Lisa maria. If i have a girl wud be alexandria rose :)


----------



## LoolaBear

Rachel Mary
my mum gave my dad the options of Rachel Rowena or Romany and aparently he chose Rachel as it was the most boring sounding name! thanks dad! mary is a family name (second born females have it somewhere in the name)


----------



## bridgettlynn

I am Bridgett Lynn. :)


----------



## highhopes19

I'm Holly Marie:flower:


----------



## AngelofTroy

Helen Rachel :)


----------



## CryHer

Crystal


----------



## Sydd

Emily Grace... I was almost Beatrice May... Glad they changed their minds!


----------



## xxajademxx

Amber Jade


----------



## MamaBear1

Jean Ellen

Never really been a fan of my name. At least I do not run into lots of others with my name.


----------



## 12.11.10

Emily Hope.


----------



## jaggers

Jennie Irene. 
Family name. Grandma was "Jennie" It's annoying to correct people all the time that it's not 'Jennifer' or have people who's name is 'Jennifer' that I work with request I get a 'nickname' to avoid confusion, even though my GIVEN name is Jennie and theirs is "Genevieve, or Jennifer'
Irene is family name too.


----------



## Sarahcake

Sarah-Nicole

Pros: Sarah means princess which is nice for a girl

Cons: shout 'Sarah' in your local town center...see how many girls turn around to look...


----------



## SilverWillow

My name is Rachel Ava

Funny because Ava was always so unusual when I was growing up and now it has become really popular!

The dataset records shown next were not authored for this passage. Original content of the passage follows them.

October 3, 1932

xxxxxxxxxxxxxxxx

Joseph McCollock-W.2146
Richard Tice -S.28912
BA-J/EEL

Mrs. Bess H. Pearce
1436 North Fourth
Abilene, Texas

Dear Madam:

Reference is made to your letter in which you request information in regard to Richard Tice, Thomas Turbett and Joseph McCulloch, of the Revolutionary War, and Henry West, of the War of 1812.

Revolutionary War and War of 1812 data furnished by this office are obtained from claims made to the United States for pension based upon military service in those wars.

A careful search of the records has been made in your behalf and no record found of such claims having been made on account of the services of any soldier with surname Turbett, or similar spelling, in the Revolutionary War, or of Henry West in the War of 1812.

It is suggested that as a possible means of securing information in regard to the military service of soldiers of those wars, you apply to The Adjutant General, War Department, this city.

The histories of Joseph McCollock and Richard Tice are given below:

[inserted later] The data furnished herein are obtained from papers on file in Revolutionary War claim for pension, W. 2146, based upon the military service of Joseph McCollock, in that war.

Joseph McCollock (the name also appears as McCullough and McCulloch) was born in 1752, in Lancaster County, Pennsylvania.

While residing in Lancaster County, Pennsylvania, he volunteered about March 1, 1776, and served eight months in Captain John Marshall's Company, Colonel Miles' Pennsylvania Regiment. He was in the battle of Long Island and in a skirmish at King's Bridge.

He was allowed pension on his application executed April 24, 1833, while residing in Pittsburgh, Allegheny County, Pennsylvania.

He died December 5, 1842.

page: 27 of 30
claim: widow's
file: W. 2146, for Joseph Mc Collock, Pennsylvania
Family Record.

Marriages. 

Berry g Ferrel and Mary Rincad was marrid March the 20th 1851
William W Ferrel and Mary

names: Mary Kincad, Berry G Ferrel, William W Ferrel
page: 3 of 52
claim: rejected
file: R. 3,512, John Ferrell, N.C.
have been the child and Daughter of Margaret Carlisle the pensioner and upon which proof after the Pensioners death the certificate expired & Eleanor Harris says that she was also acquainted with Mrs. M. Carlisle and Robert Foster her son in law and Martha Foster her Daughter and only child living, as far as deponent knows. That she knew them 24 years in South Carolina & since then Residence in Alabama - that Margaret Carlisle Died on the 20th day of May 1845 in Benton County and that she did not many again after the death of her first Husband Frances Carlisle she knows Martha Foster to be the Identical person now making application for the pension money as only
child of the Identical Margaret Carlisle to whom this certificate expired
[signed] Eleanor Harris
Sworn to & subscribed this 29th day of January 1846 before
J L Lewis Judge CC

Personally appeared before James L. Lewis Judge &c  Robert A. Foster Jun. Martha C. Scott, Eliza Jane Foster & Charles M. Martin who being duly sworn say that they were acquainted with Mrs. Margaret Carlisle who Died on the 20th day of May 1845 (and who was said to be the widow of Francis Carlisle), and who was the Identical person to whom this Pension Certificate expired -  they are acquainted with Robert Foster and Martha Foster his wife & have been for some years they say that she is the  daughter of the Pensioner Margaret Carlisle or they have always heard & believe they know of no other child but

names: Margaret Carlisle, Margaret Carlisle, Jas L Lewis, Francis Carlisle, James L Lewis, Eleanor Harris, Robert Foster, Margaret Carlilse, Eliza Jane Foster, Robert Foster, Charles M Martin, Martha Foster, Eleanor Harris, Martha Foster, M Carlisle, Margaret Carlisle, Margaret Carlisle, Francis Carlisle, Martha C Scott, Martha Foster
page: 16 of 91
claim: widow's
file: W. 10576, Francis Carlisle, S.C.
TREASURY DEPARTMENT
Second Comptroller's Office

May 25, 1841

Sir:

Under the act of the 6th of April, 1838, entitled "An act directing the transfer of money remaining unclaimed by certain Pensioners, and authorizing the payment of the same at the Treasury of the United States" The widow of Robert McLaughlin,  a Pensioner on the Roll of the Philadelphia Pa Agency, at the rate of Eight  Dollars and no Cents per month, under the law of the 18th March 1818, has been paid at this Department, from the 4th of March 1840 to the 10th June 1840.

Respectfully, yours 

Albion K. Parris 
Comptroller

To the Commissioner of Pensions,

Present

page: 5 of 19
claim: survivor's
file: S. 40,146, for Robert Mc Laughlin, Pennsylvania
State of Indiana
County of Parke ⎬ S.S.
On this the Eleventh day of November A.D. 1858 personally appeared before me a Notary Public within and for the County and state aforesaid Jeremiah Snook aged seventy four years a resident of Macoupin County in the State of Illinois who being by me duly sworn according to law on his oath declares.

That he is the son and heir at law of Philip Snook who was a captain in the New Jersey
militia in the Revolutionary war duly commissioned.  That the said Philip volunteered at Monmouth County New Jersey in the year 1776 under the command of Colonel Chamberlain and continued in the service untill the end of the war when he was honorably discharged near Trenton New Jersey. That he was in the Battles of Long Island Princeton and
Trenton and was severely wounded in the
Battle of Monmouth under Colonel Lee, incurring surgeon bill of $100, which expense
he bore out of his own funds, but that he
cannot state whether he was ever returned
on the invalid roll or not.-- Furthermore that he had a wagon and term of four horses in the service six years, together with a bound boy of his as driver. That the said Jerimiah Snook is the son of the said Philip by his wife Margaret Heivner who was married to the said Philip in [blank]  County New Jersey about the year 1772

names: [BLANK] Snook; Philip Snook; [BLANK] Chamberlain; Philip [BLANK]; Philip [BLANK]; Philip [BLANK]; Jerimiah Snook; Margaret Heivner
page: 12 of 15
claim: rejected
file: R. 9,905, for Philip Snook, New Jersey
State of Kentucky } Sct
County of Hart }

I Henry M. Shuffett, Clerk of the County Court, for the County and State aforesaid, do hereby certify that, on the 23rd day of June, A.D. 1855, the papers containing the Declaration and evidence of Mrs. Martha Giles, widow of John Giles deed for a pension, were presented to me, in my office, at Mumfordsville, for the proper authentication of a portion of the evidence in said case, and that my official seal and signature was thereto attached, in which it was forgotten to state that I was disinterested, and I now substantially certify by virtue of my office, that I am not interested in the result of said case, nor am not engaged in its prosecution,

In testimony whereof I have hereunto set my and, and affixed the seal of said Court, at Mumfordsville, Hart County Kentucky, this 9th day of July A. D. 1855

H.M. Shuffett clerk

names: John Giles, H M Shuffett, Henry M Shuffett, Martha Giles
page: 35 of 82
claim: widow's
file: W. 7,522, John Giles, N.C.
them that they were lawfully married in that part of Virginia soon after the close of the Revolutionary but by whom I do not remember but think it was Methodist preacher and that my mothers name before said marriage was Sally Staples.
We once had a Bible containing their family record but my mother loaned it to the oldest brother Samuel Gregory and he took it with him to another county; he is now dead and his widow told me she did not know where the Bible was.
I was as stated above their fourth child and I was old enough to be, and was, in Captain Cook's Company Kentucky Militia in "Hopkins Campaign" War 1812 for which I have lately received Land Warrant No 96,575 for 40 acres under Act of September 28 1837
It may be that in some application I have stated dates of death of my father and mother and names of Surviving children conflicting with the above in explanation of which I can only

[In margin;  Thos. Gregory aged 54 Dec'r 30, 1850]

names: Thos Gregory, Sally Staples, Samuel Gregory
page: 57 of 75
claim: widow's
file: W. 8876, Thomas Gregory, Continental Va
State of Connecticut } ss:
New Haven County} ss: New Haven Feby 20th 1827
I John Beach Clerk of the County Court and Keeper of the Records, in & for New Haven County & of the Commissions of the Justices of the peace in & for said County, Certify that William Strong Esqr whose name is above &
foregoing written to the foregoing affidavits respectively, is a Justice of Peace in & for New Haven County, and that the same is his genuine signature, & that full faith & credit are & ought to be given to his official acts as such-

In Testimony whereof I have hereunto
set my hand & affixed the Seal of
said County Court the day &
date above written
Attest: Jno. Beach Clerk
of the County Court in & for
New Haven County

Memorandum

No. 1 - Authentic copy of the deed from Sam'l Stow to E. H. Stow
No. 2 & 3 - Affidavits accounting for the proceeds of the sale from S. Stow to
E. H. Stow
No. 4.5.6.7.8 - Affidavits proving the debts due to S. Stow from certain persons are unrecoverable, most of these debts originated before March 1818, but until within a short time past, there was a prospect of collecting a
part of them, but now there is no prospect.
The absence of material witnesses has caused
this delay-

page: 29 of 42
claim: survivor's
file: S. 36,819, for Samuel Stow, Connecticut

(Dad really wanted to call me Lorna but Mum wouldn't have it!)


----------



## AfterAbigail

Shelley Louise Catherine


----------



## xx Emily xx

Emily Frances

xxx


----------



## neadyda

Sinead :)


----------



## Mummy2B21

Daina; but i go by Jade my middle name changed.


----------



## mum_erin

I'm Erin Victoria


----------



## LynAlH

My name is Lyndell. I have a brother called Loren and mom is Nell. She was Nell Williams, then married my dad, Phillip Nell. So now she is Nell Nell. Lol!


----------



## bumblebeexo

I'm Ashley Margaret.. Margaret is a family name, my Granny and Mum both have it too, but I'm afraid I won't be carrying it on!


----------



## jessthemess

Jessica! Haven't heard of it? Well it's only the #1 name for two decades according to the Social Security department. Popular enough so that my sister inlaw is also Jessica, and my roommate before my fiance was also a Jessica. Go Jessicas! ;)

Jessica Marie is my whole name. Right? Marie.... :)

I do think Jessica is pretty, and to be fair I'm named after my great great grandmother who was born back when Jessica was not common at all.

But my kids will get weird names and when they complain I'll say, call your grandma, it's her fault! :D


----------



## casann

Catherine Ann :) x


----------



## haydenmummy

Hillary Katrina


----------



## Mypreciouskid

Heidi :)


----------



## BleedingBlack

Cayla (Kayla but with a 'C')...VERY popular.


----------



## Marietta

Marietta

I love it because it is pretty and not overly common. My friends and DH call me Mari, and my Daddy and brothers call me Ettie. Mom calls me Marietta because 'that's my proper name'!


----------



## oliviarose

Gemma Louise.....


----------



## Lindsey123

Lindsey Ann


----------



## Kasal

Kassia Dionne (Kas-eye-ah dee-on) no one ever says it right haha


----------



## The Alchemist

My name is Sakina. Nn is Kina.

It is Arabic and a religous name (Islamic) meaning "Tranquility" or "Serene".

But I am not Arab at all! I'm of Southeast Asian decent.


----------



## Mom To 2

Amanda Michelle
But everyone calls me Mandy except for 2 of my 8 siblings.
I hate having two names, it's annoying. Like when I took my pet to the vet a few days ago, I didnt know if they had me under Amanda or Mandy in the computer to pull up our account. It happens all the time.


----------



## fairy_gem

Gemma x


----------